26 de Janeiro, 2024 Pedro Soveral

Pitti Uomo com estreias nacionais

A feira italiana de moda masculina abre as portas amanhã com a presença de seis insígnias “made in Portugal”, incluindo as estreias da especialista em streetwear Qunto e da Bravian, a marca urban tech wear do Grupo Latino.

A Pitti Uomo, que decorre de 9 a 12 de janeiro, antecipa a presença de 835 marcas, 43% das quais estrangeiras, refere a organização. «A Pitti Uomo é, para todos os efeitos e propósitos, uma oportunidade imperdível para comparar notas, o que faz de Florença a cidade líder no sector das feiras de moda», destaca Raffaello Napoleone, CEO da Pitti Immagine. «Do nosso observatório especial, percebemos o desejo das marcas de estarem presentes em Florença para serem vistas e encontrarem-se com clientes internacionais. Nesse sentido, estamos confiantes na vasta participação de compradores internacionais», acrescenta.

De Portugal, estão presentes a Ambitious, a Bravian, a La Paz, a Qunto, a Sock Affairs e a Vandoma, as últimas cinco com o apoio do projeto 100%ModaPortugal.

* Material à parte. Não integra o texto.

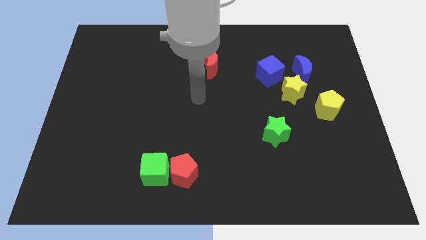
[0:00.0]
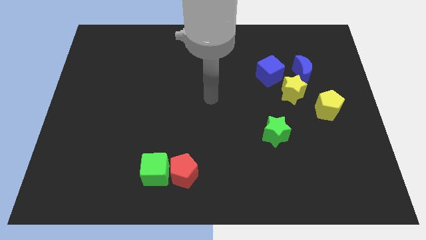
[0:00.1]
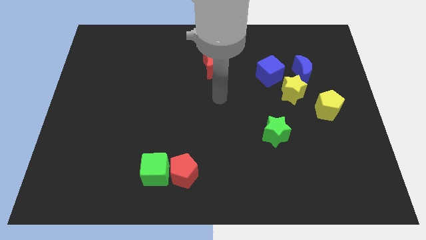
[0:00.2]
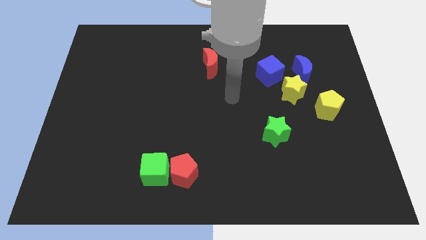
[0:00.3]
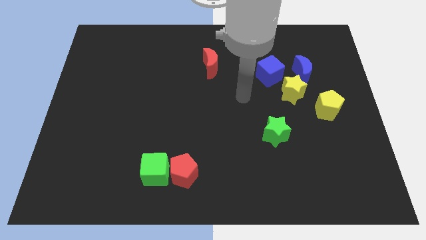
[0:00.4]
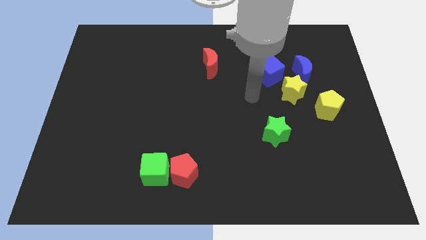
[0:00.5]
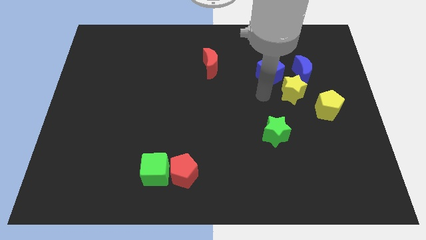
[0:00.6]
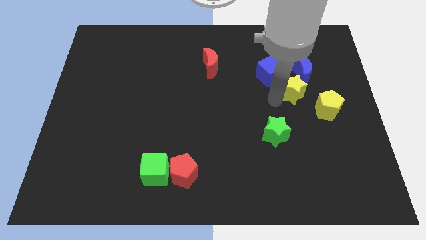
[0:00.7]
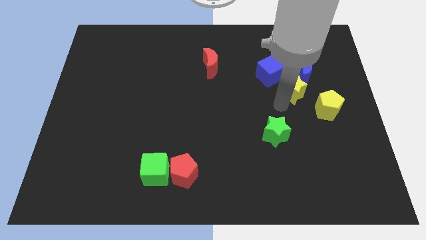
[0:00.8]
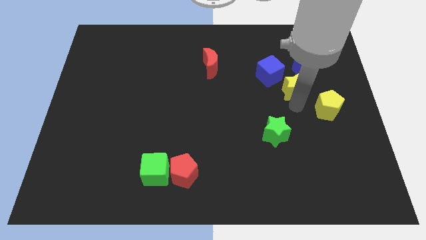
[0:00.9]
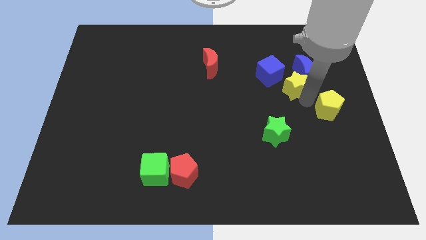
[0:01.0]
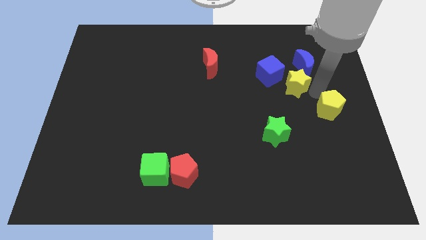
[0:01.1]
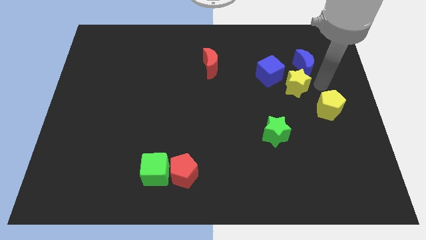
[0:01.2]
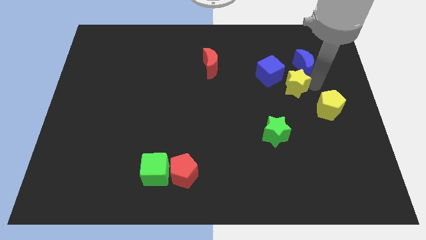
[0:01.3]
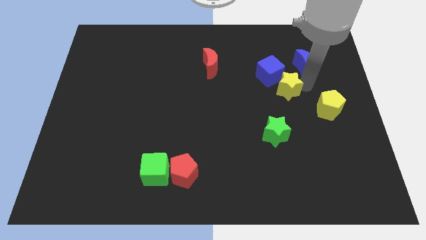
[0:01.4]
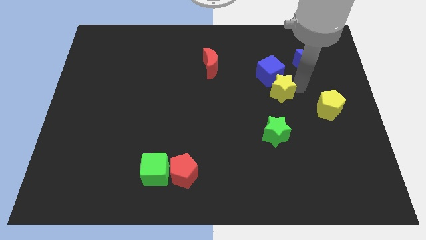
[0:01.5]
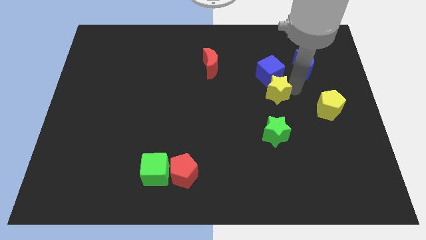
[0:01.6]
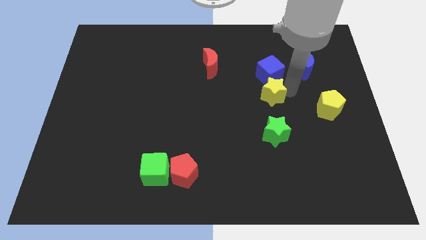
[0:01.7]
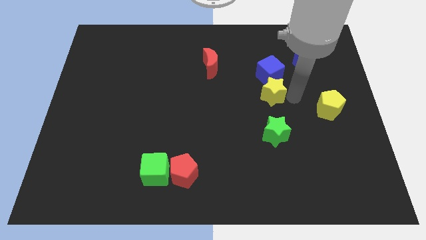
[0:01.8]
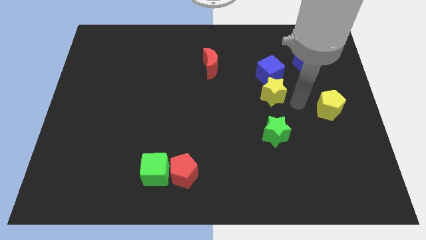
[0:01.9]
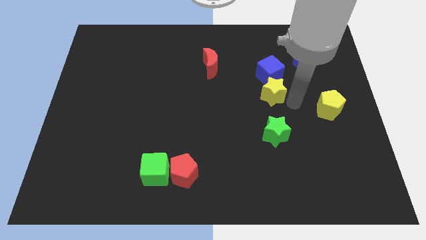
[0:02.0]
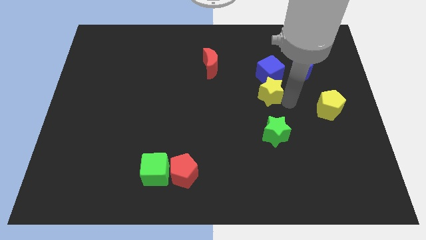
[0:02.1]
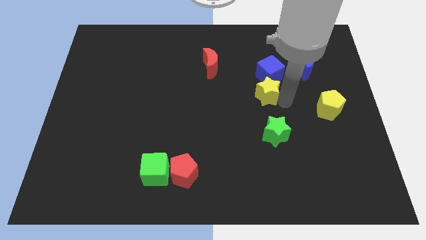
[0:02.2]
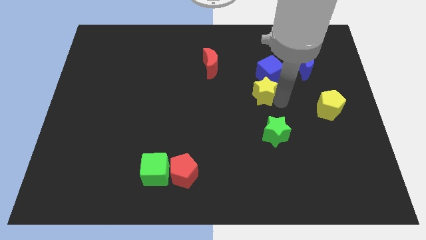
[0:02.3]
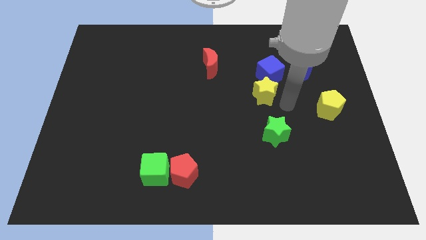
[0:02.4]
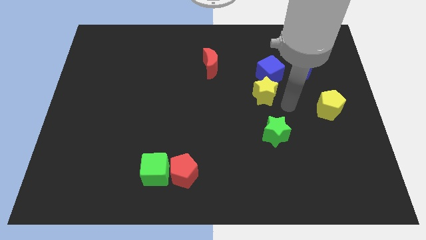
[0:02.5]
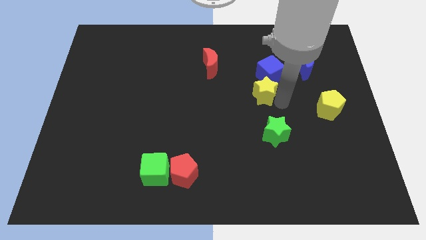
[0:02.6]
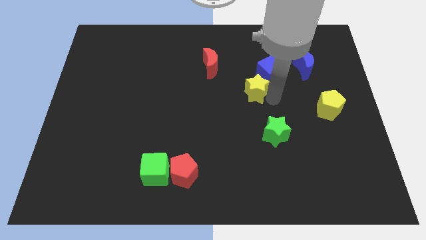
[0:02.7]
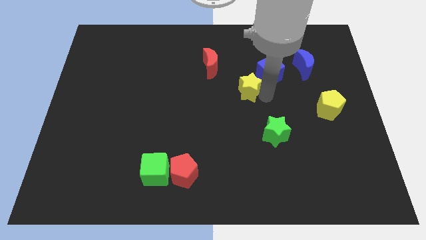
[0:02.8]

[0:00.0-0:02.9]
push the yellow star diagonally down and to the right of the red moon

No caso da Bravian, tal como da Qunto, será a estreia no certame italiano. «Esperamos com esta presença na Pitti Uomo provar que em Portugal temos marcas de moda com muita qualidade, não só em fabricação, mas também em design. Queremos promover a nossa marca em novos mercados e dar oportunidade de poderem ver e tocar nas nossas peças. Ao mesmo tempo, queremos ver o melhor que se está a fazer na moda neste momento, quais são as tendências e as marcas com selo de qualidade Pitti Uomo», explica, ao Portugal Têxtil, a gestora da marca, Andreia Silva.

Bravian [©Bravian]

Nascida em 2020 no seio do Grupo Latino, a marca assume conceito o urban tech wear, com a experiência do grupo na confeção de vestuário de proteção a fazer-se sentir nas propostas da marca para o outono-inverno 2024/2025, com uma coleção pautada por «hoodies e casacos cujo capuz que se transforma em balaklava com proteção contra a água e o vento, um set de calças e casaco cujo tecido é flame retardant, peças com enchimento Prima Loft, que apesar de serem bastante volumosas tem um peso pluma, bem como os nossos hoodies e sweats com design arrojado e que já se transformam num “must have” para os nossos clientes», revela Andreia Silva. Além disso, «a inspiração militar está sempre vincada nas nossas coleções e esta não foi diferente, com a utilização de acessórios militares e acabamentos, como por exemplo bolsos utilitários e fits cargo», acrescenta.

Já entre os repetentes, a La Paz aposta na nova coleção – que tem como conceito o silêncio – em «tecidos de lã que fazem lembrar os tempos antigos», assim como camisões com tecidos enrugados e algumas cores mais vivas», desvenda o cofundador André Bastos Teixeira.

Apesar de consciente de que a conjuntura atual poderá fazer com que seja «uma feira bastante difícil», a Pitti Uomo é um certame importante para a La Paz. «Como não temos agente em Itália é sempre importante a Pitti onde podemos estar com todos os nossos clientes que são daqui e também fazemos bons contactos com alguns clientes de várias partes do globo», sublinha André Bastos Teixeira. «Itália é um mercado bom para nós, embora seja um mercado exigente e com uma história têxtil muito rica e de alta qualidade. Por isso, é sempre bom saber que o que fazemos é reconhecido por alguns e isso faz-nos felizes. Esperamos que assim perdure e que consigamos crescer mais», destaca.

Também para a Vandoma a feira é interessante, sobretudo pelos contactos realizados com clientes de diferentes nacionalidades. «Curiosamente, o mercado italiano não é relevante para a Vandoma, mas esta feira em Itália é muito importante, por ser uma feira internacional. Os compradores vêm de todo o mundo, uma vez que se trata de uma feira de referência para as marcas», salienta Ana Lisa Sousa, sócia-gerente da António Manuel de Sousa, que detém a marca de acessórios de pescoço.

Para esta edição, a Vandoma irá levar gravatas, laços, écharpes e suspensórios com padrões vintage e tecidos mais rústicos e as perspetivas são positivas. «Temos boas expectativas para esta edição, uma vez que a Pitti Uomo de janeiro é mais relevante que a de junho, o que se costuma traduzir em maior número de compradores internacionais e notas de encomenda», conclui Ana Lisa Sousa.